Exactly as written, return every line of the data below apart from the pictures.

-------- Data shown --------

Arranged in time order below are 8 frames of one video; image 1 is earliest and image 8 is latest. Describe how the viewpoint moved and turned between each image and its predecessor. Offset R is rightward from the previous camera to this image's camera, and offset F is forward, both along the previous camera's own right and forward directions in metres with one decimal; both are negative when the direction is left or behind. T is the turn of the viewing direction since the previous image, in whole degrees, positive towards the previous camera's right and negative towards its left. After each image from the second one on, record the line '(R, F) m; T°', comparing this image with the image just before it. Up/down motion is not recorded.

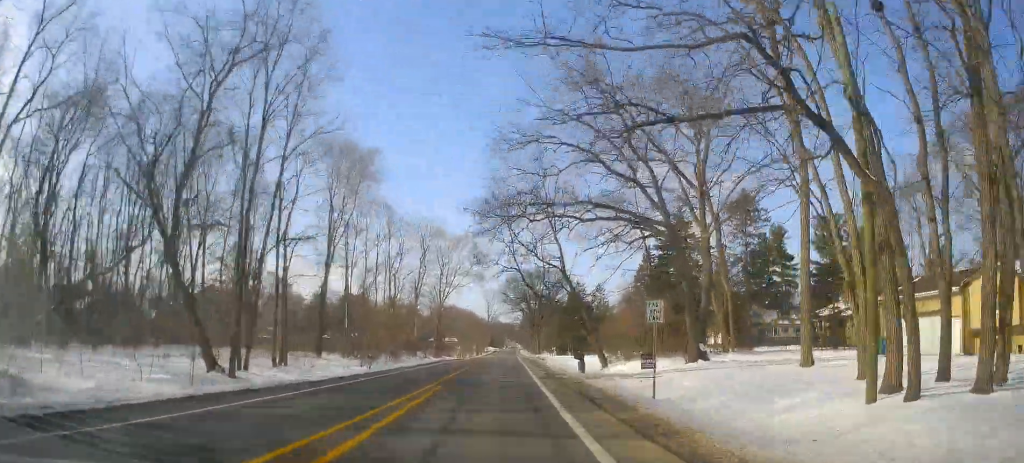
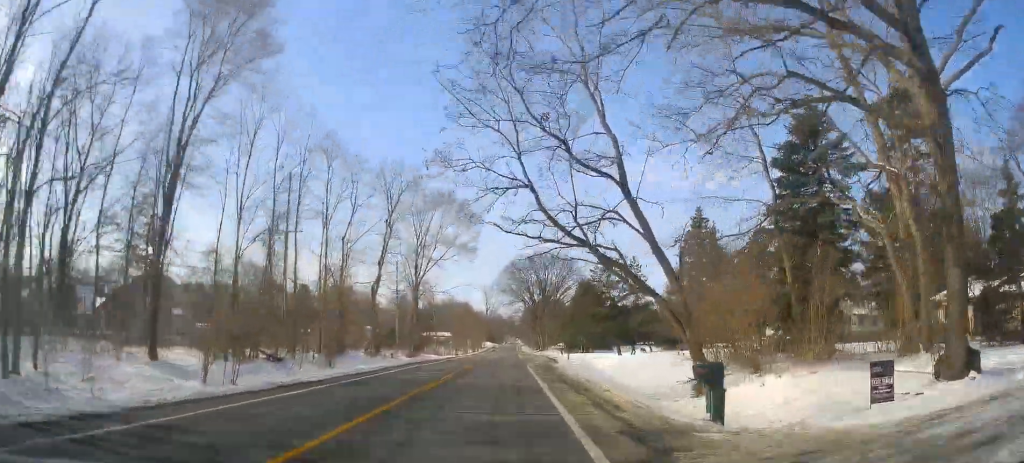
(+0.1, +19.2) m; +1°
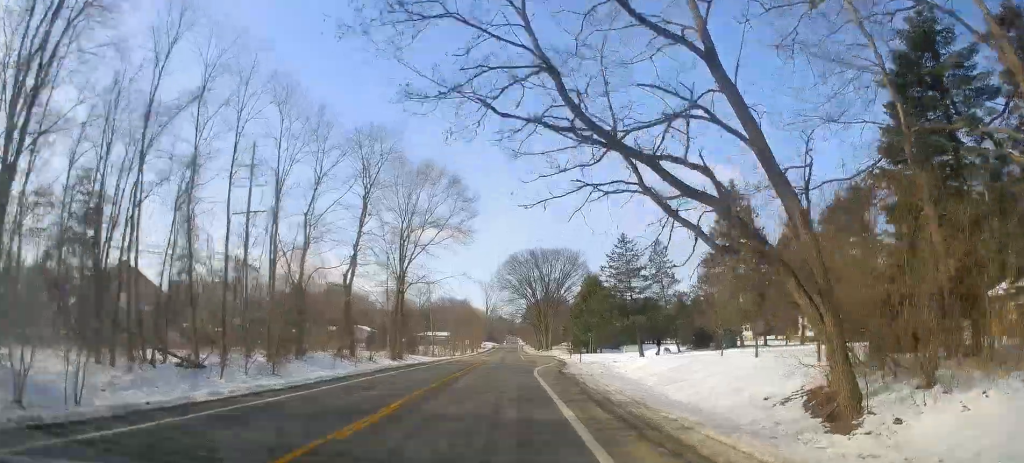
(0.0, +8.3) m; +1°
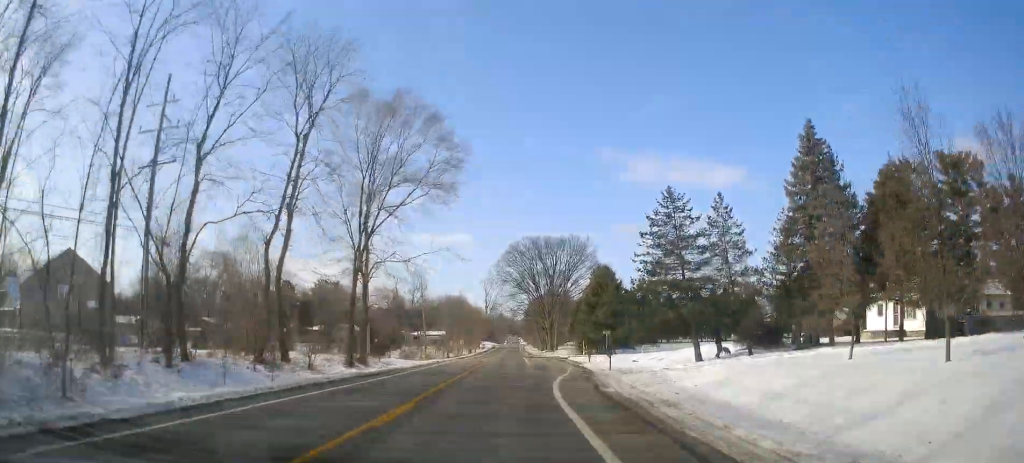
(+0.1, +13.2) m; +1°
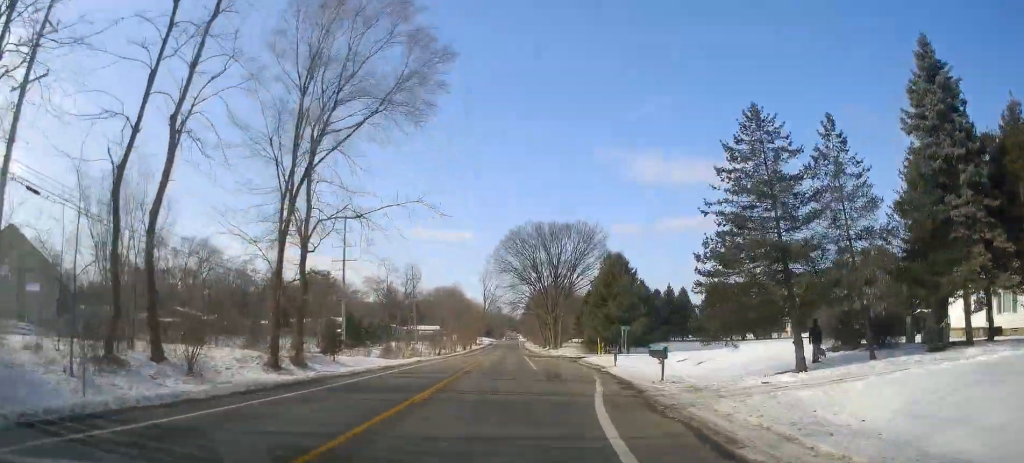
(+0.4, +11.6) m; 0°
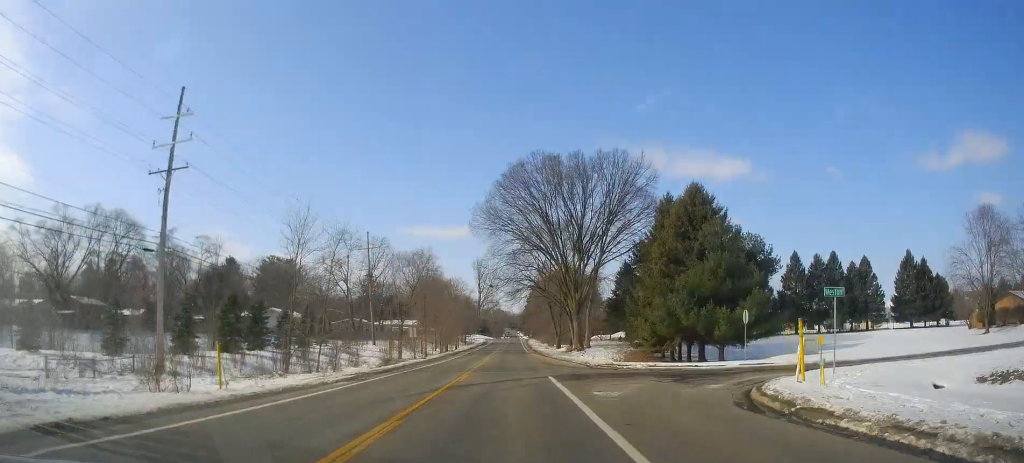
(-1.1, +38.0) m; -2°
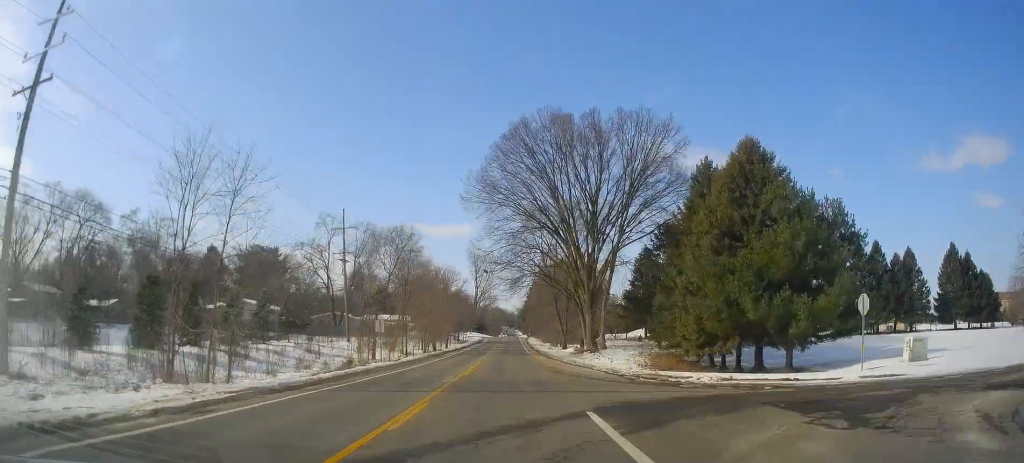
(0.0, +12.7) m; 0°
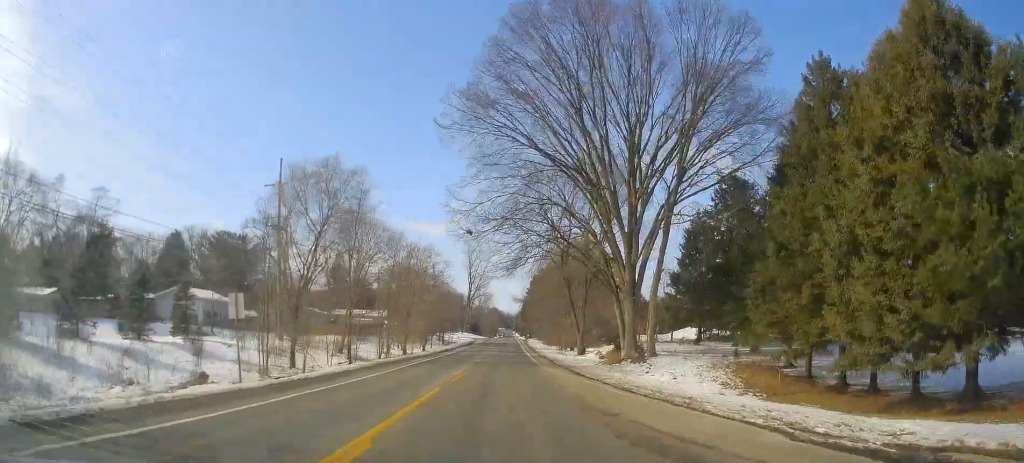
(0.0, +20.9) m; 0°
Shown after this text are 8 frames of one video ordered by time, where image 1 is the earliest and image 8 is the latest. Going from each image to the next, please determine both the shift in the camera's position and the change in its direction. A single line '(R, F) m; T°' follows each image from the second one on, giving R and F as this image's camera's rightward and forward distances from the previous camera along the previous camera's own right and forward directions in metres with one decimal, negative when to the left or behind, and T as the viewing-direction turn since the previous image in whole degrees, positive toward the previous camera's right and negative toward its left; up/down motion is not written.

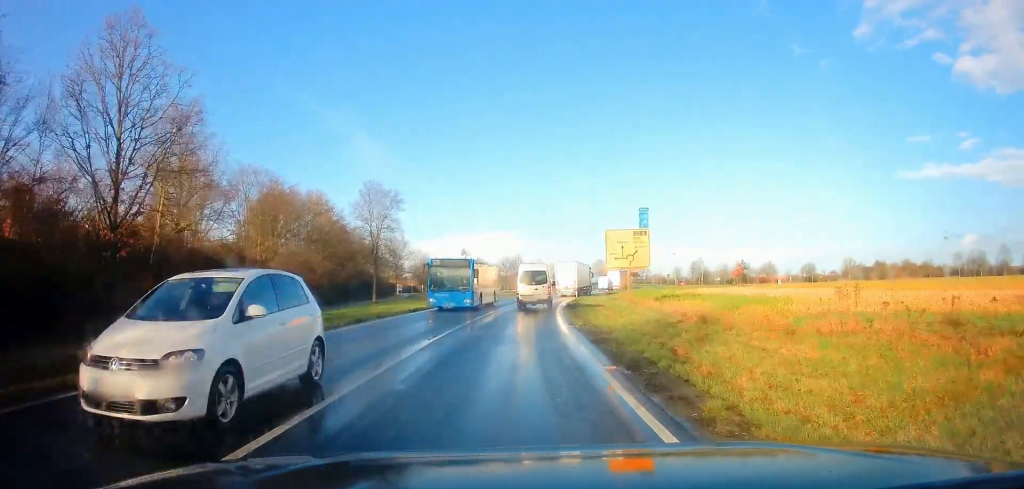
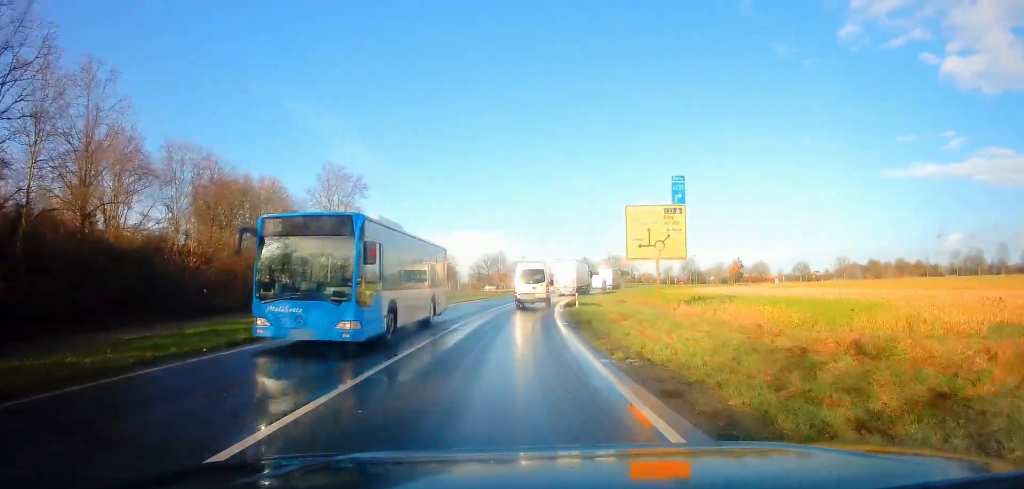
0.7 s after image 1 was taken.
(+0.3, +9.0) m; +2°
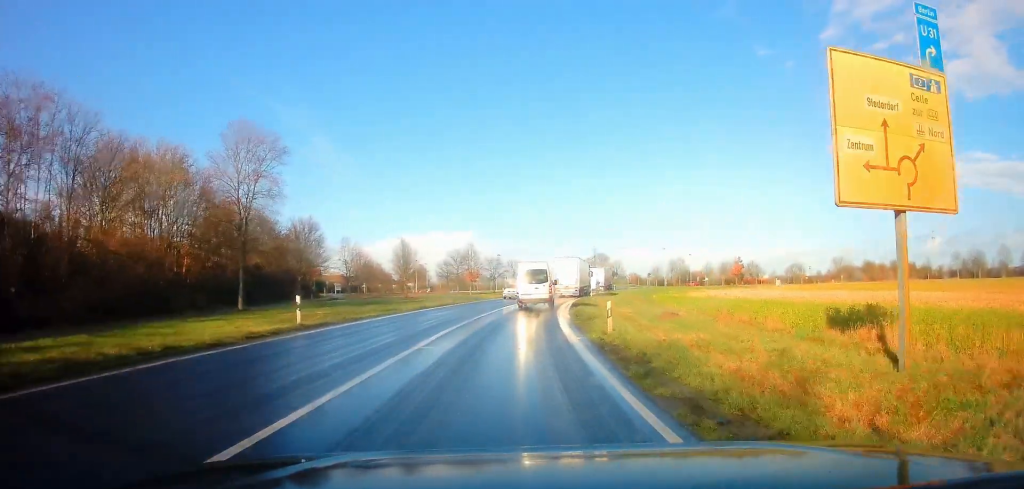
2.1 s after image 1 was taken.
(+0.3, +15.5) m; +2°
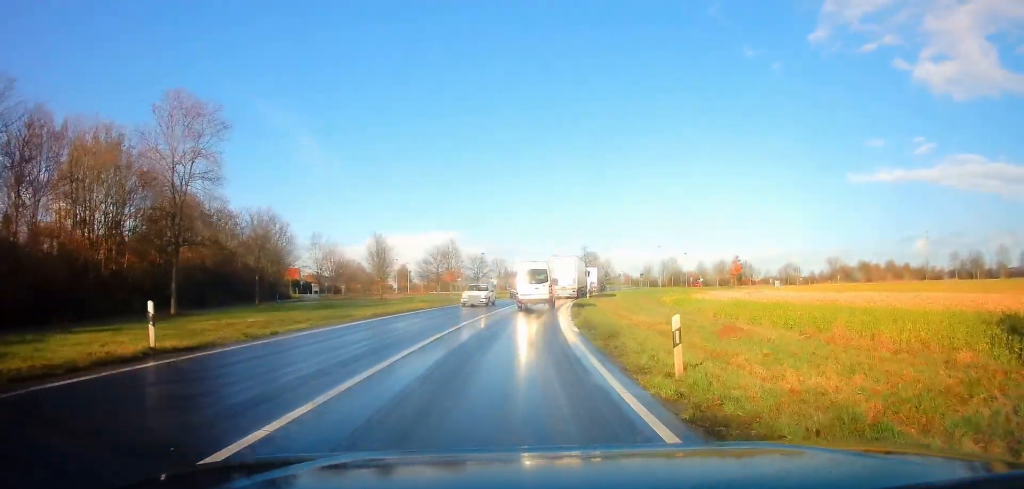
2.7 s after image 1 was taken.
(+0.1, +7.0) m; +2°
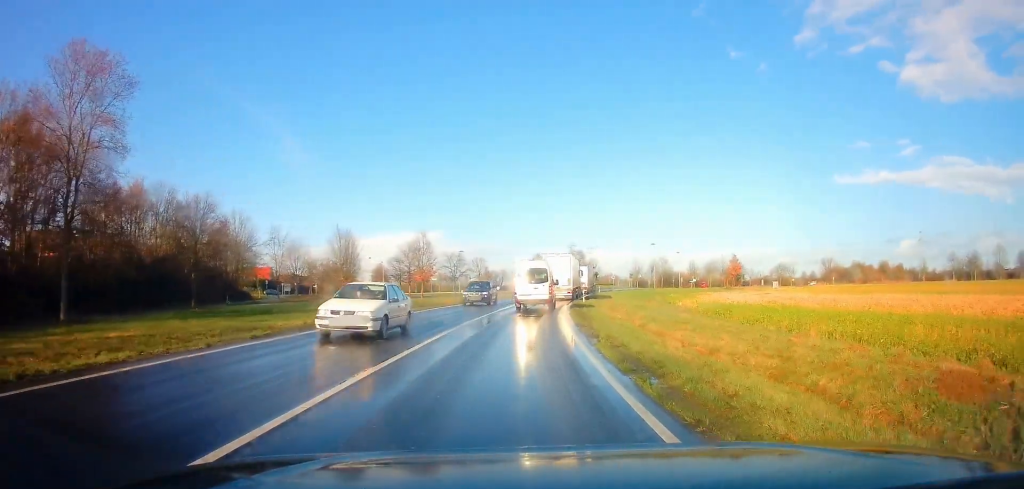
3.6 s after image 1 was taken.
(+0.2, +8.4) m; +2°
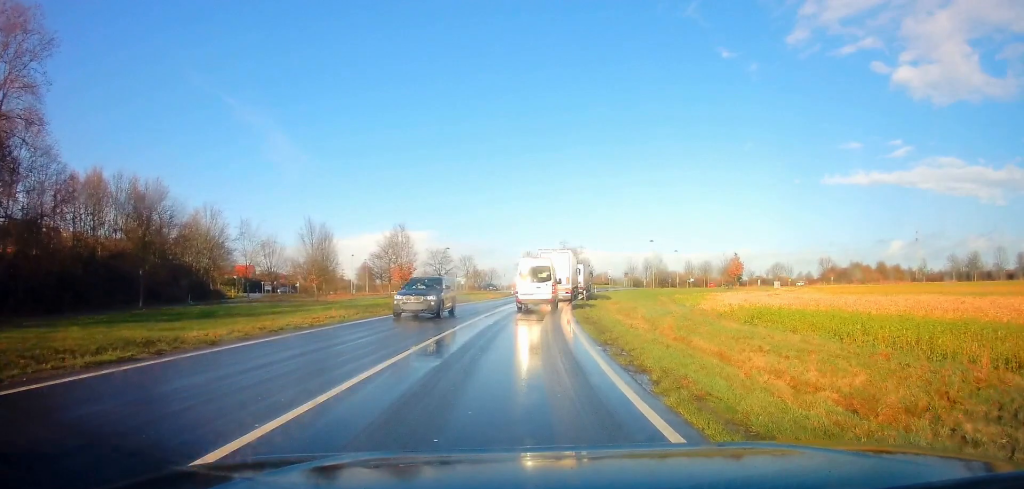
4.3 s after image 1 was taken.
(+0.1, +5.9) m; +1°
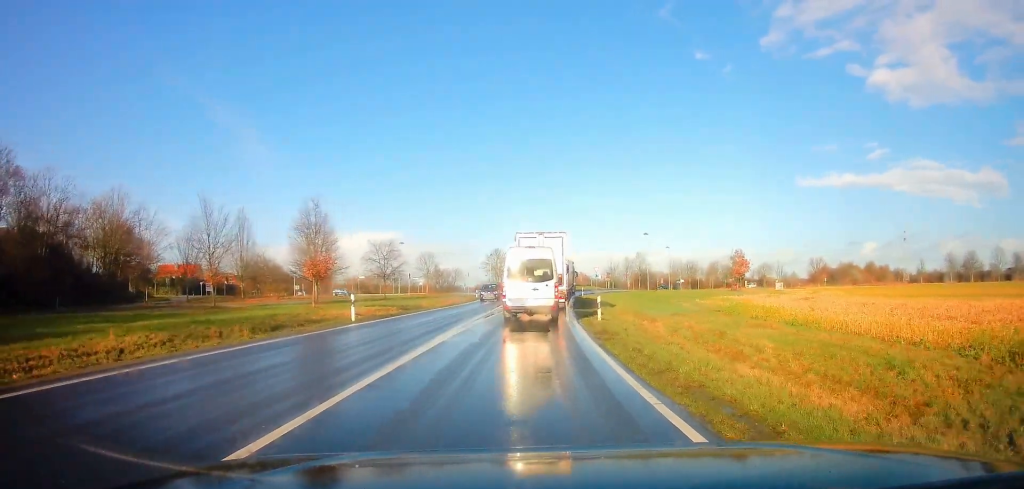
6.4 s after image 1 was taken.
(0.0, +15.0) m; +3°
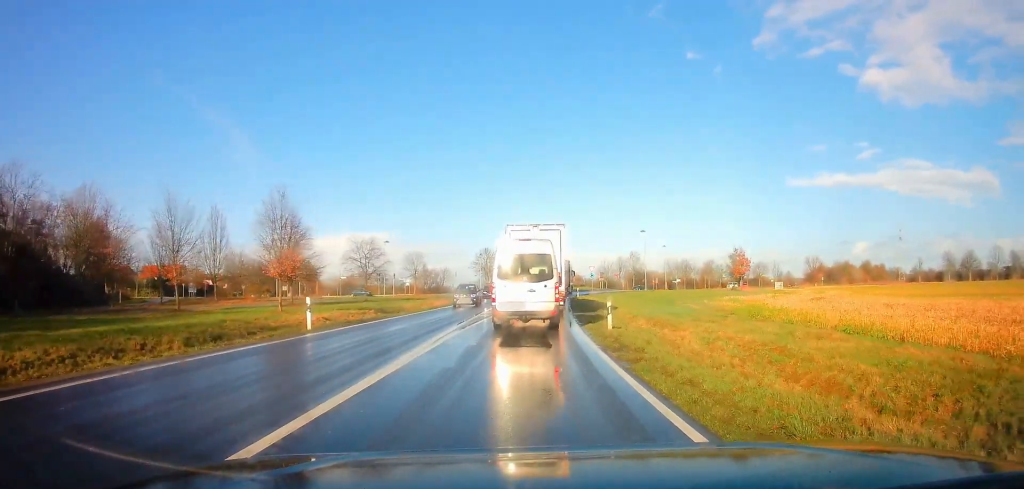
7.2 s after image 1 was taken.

--------

Answer to the exercise:
Arranged in time order below are 8 frames of one video; image 1 is earliest and image 8 is latest. Describe how the viewpoint moved and turned between each image and its predecessor. Offset R is rightward from the previous camera to this image's camera, and offset F is forward, both along the previous camera's own right and forward directions in metres with one decimal; both are negative when the direction is left or behind. T is the turn of the viewing direction since the previous image, in whole degrees, positive towards the previous camera's right and negative towards its left. After each image from the second one on, record the line '(R, F) m; T°', comparing this image with the image just before it. Up/down motion is not recorded.

(+0.1, +19.2) m; +1°
(0.0, +8.3) m; +1°
(+0.1, +13.2) m; +1°
(+0.4, +11.6) m; 0°
(-1.1, +38.0) m; -2°
(0.0, +12.7) m; 0°
(0.0, +20.9) m; 0°
Shown after this text are 8 frames of one video ordered by time, where image 1 is the earliest and image 8 is the latest. Going from each image to the next, please determine both the shift in the camera's position and the change in its direction. A single line '(R, F) m; T°' follows each image from the second one on, giving R and F as this image's camera's rightward and forward distances from the previous camera along the previous camera's own right and forward directions in metres with one decimal, negative when to the left or behind, and T as the viewing-direction turn since the previous image in whole degrees, positive toward the previous camera's right and negative toward its left; up/down motion is not written.

0.7 s after image 1 was taken.
(+0.3, +9.0) m; +2°
2.1 s after image 1 was taken.
(+0.3, +15.5) m; +2°
2.7 s after image 1 was taken.
(+0.1, +7.0) m; +2°
3.6 s after image 1 was taken.
(+0.2, +8.4) m; +2°
4.3 s after image 1 was taken.
(+0.1, +5.9) m; +1°
6.4 s after image 1 was taken.
(0.0, +15.0) m; +3°
7.2 s after image 1 was taken.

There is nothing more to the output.